• **Instructions to follow**
Reproduce the whole listing exactly and let no picture into the copy.

• **Provided information**
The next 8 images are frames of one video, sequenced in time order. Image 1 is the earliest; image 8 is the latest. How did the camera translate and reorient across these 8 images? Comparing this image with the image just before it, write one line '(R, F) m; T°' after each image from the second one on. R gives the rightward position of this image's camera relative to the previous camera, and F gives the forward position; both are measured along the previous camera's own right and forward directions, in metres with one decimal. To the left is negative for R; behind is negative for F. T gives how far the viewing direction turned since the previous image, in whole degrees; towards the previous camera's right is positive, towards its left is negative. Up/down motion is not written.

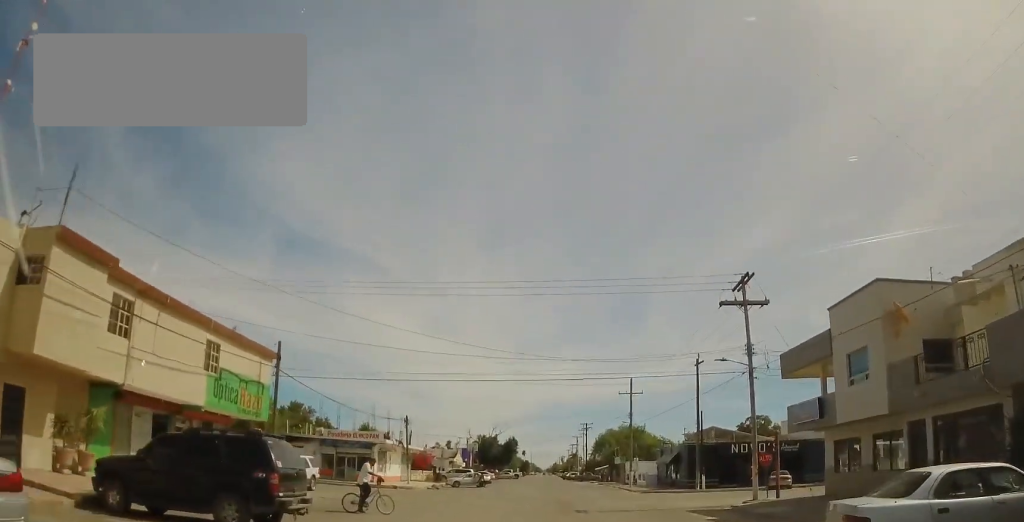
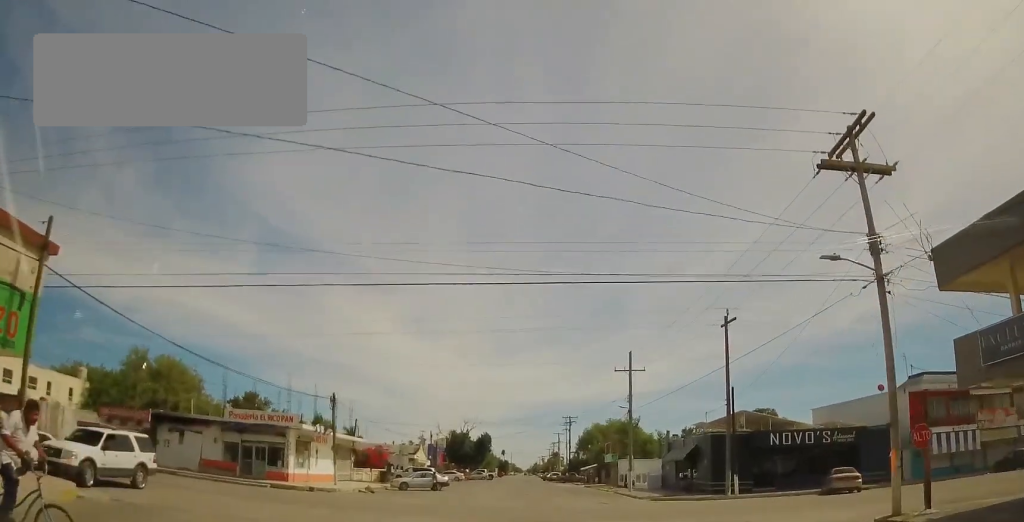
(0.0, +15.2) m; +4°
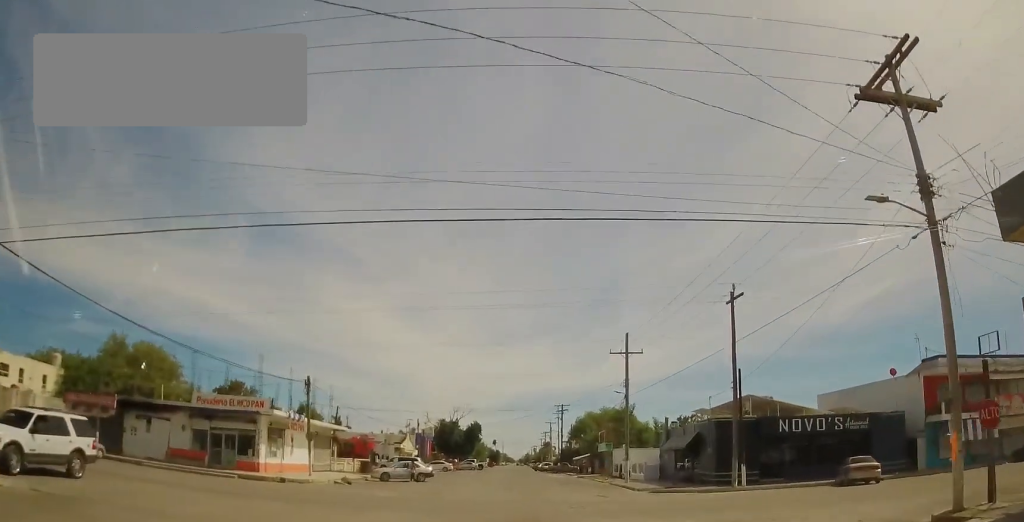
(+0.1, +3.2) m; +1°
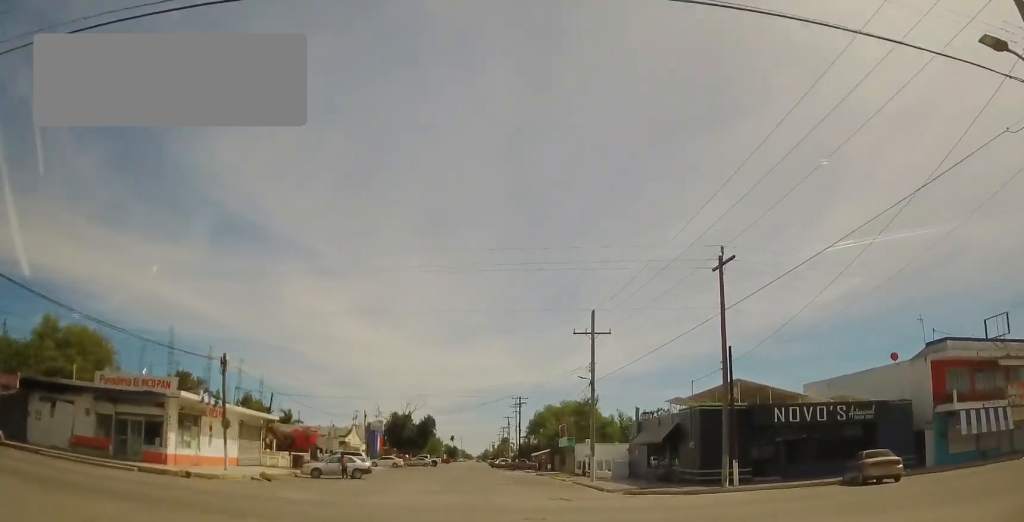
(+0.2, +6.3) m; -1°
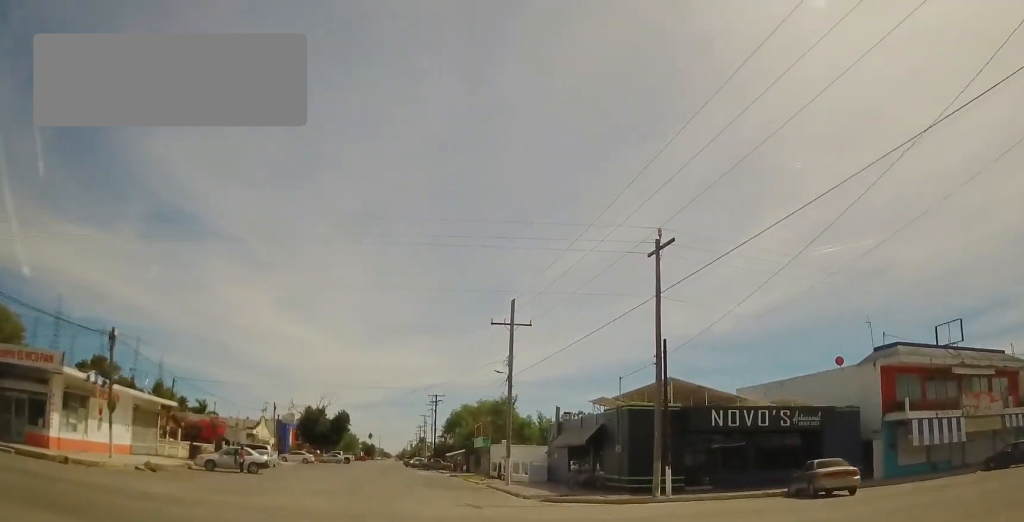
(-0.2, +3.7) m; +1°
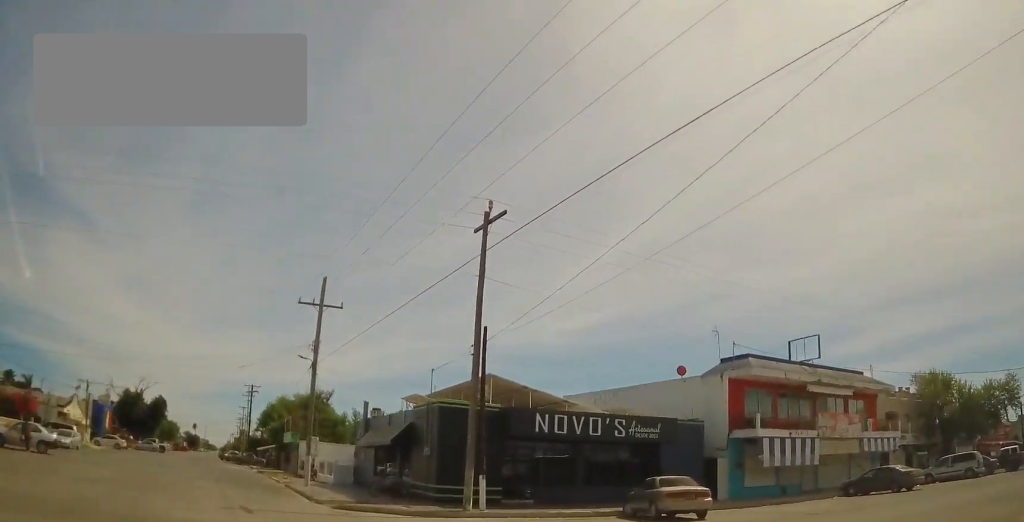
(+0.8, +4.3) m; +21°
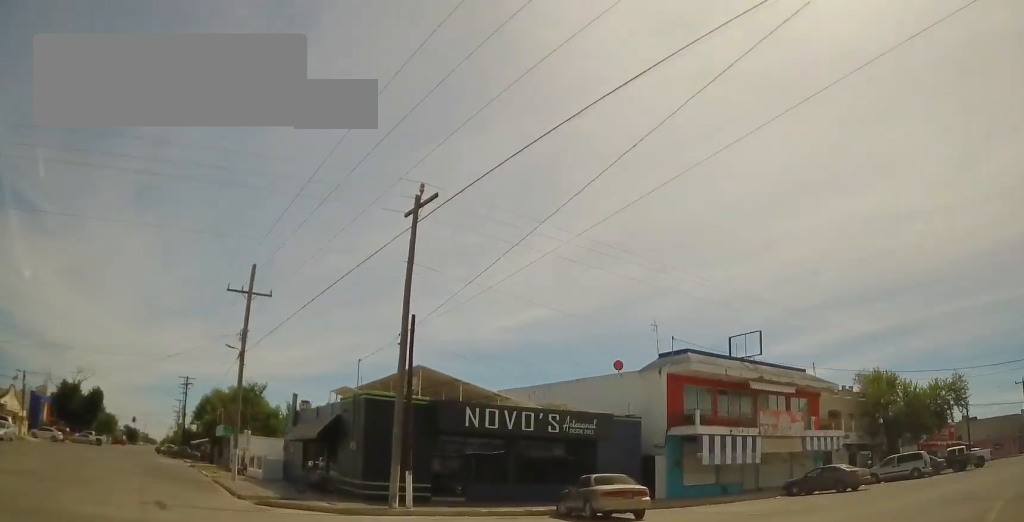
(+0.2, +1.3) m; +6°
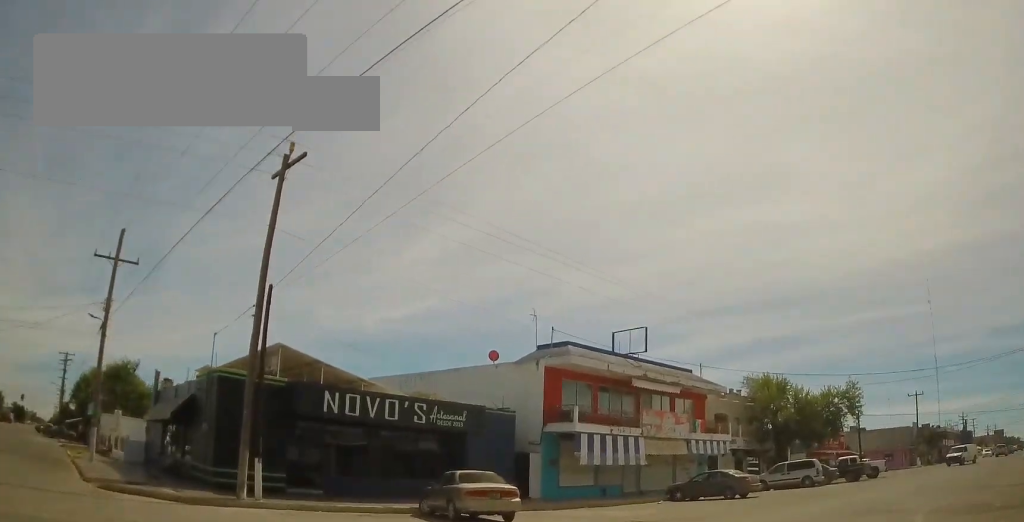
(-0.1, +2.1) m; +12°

• **Worked solution**
The next 8 images are frames of one video, sequenced in time order. Image 1 is the earliest; image 8 is the latest. How did the camera translate and reorient across these 8 images? Comparing this image with the image just before it, write one line '(R, F) m; T°' after each image from the second one on. R gives the rightward position of this image's camera relative to the previous camera, and F gives the forward position; both are measured along the previous camera's own right and forward directions, in metres with one decimal. To the left is negative for R; behind is negative for F. T gives how far the viewing direction turned since the previous image, in whole degrees; towards the previous camera's right is positive, towards its left is negative. Up/down motion is not written.

(0.0, +15.2) m; +4°
(+0.1, +3.2) m; +1°
(+0.2, +6.3) m; -1°
(-0.2, +3.7) m; +1°
(+0.8, +4.3) m; +21°
(+0.2, +1.3) m; +6°
(-0.1, +2.1) m; +12°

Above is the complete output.